Short DAPT Followed by P2Y₁₂ Inhibitors vs DAPT Alone Following Complex PCI

A systematic review and meta-analysis published in the European Heart Journal Cardiovascular Pharmacotherapy found that bleeding outcomes are reduced when complex percutaneous coronary intervention (C-PCI) is followed with a short course of dual antiplatelet therapy (DAPT), then by P2Y₁₂ inhibitors, compared with standard DAPT alone.

Investigators from the Icahn School of Medicine at Mount Sinai in the United States searched publication databases for studies of bleeding and ischemic outcomes after PCI. A total of 5 randomized clinical trials (RCTs) published between 2018 and 2020 were included in the analysis.

The experimental arm of the included studies were 3 months of DAPT followed by P2Y₁₂ inhibitors (n=3) or 1 month of DAPT followed by P2Y₁₂ inhibitors (n=2). Three of the 4 trials used ticagrelor as the P2Y₁₂ inhibitor. The definition of C-PCI differed slightly across the trials, but in general comprised 3 or more vessels treated, 3 or more lesions treated, 2 or more stents implanted, and total stent length of 60 mm or longer.

The RCTs included a total of 34,615 patients, among whom 25.5% received C-PCI. The C-PCI cohort received short DAPT followed by P2Y₁₂ inhibitors (50.2%) or standard DAPT. Four of the trials recruited patients with chronic coronary syndrome and 1 recruited patients with acute coronary syndrome.

Primary bleeding events were reported by more C-PCI recipients (2.9%) than non-C-PCI recipients (2.2%; P <.001). Among the C-PCI cohort, risk for bleeding outcomes was lower among the P2Y₁₂ inhibitor recipients compared with standard DAPT recipients (hazard ratio [HR], 0.66; 95% CI, 0.44-0.98; I², 40.0%). This pattern was stronger among the subset of patients who received 3 months of DAPT before switching to P2Y₁₂ inhibitors.

Similarly, ischemic events occurred among more C-PCI recipients (3.1%) than non-C-PCI recipients (2.5%; P =.003). Risk for major adverse cardiovascular events tended to be reduced among the P2Y₁₂ inhibitor recipients compared with standard DAPT recipients (HR, 0.69; 95% CI, 0.48-1.00; I², 42.7%). The interaction between ischemic events and PCI complexity was significant (P =.028), in which the non-C-PCI cohort did not have different risk for ischemic events on the basis of DAPT regimen.

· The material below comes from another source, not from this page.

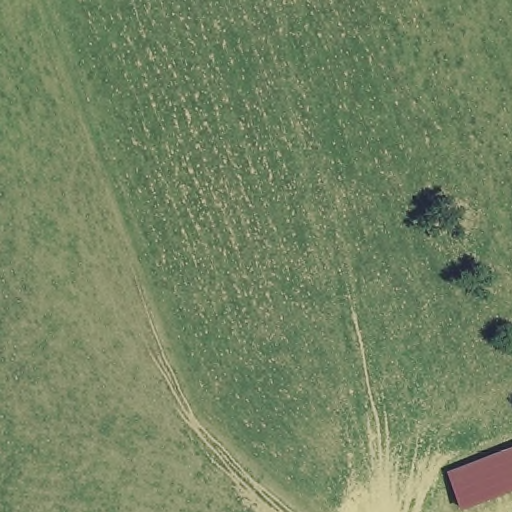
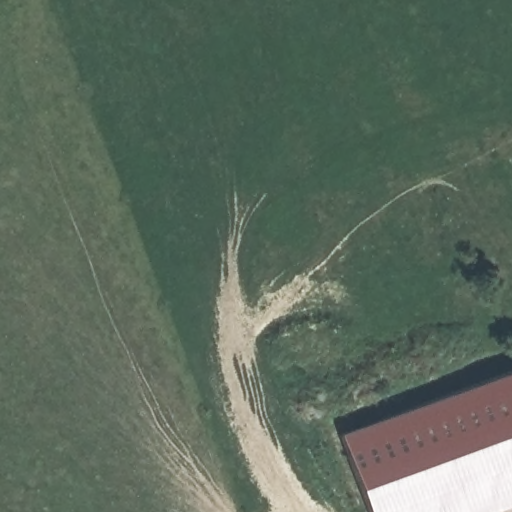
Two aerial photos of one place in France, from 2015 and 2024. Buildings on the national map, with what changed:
new [(374,512),(346,422),(512,362),(512,512),(374,512)]
demolished [(467,509),(454,475),(512,452),(512,493),(467,509)]

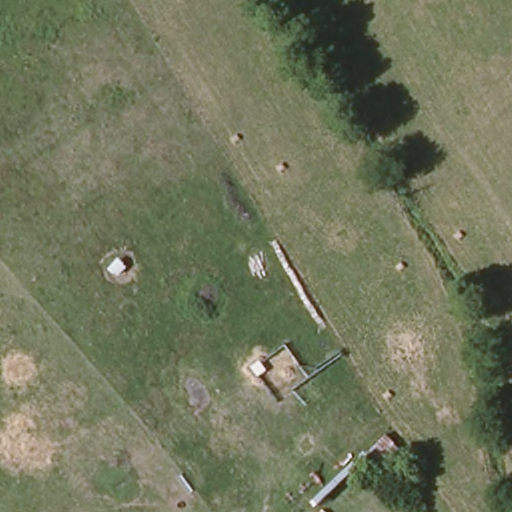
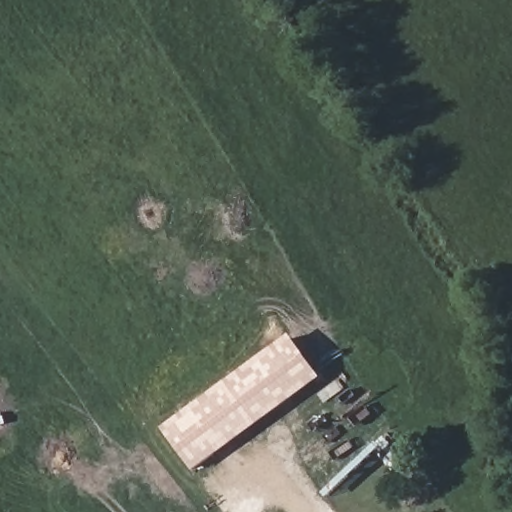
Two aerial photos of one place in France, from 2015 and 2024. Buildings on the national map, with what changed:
new [(194,472),(162,429),(290,336),(321,379),(194,472)]

A similar trend was observed for the outcome of all-cause mortality, favoring the P2Y₁₂ inhibitors cohort (HR, 0.52; 95% CI, 0.32-0.87; I², 20.4%).

The findings of this analysis may have been limited by the heterogeneity observed and by the fact that some data were sourced from post-hoc analyses.

 “…our large collaborative meta-analysis of randomized trials demonstrates that a 1 to 3-month DAPT strategy followed by P2Y₁₂ inhibitor monotherapy, particularly with ticagrelor, is both safe and efficacious as compared with a standard DAPT regimen after C-PCI and non-C-PCI,” the study authors wrote.

Disclosure: Multiple authors declared affiliations with industry. Please refer to the original article for a full list of disclosures.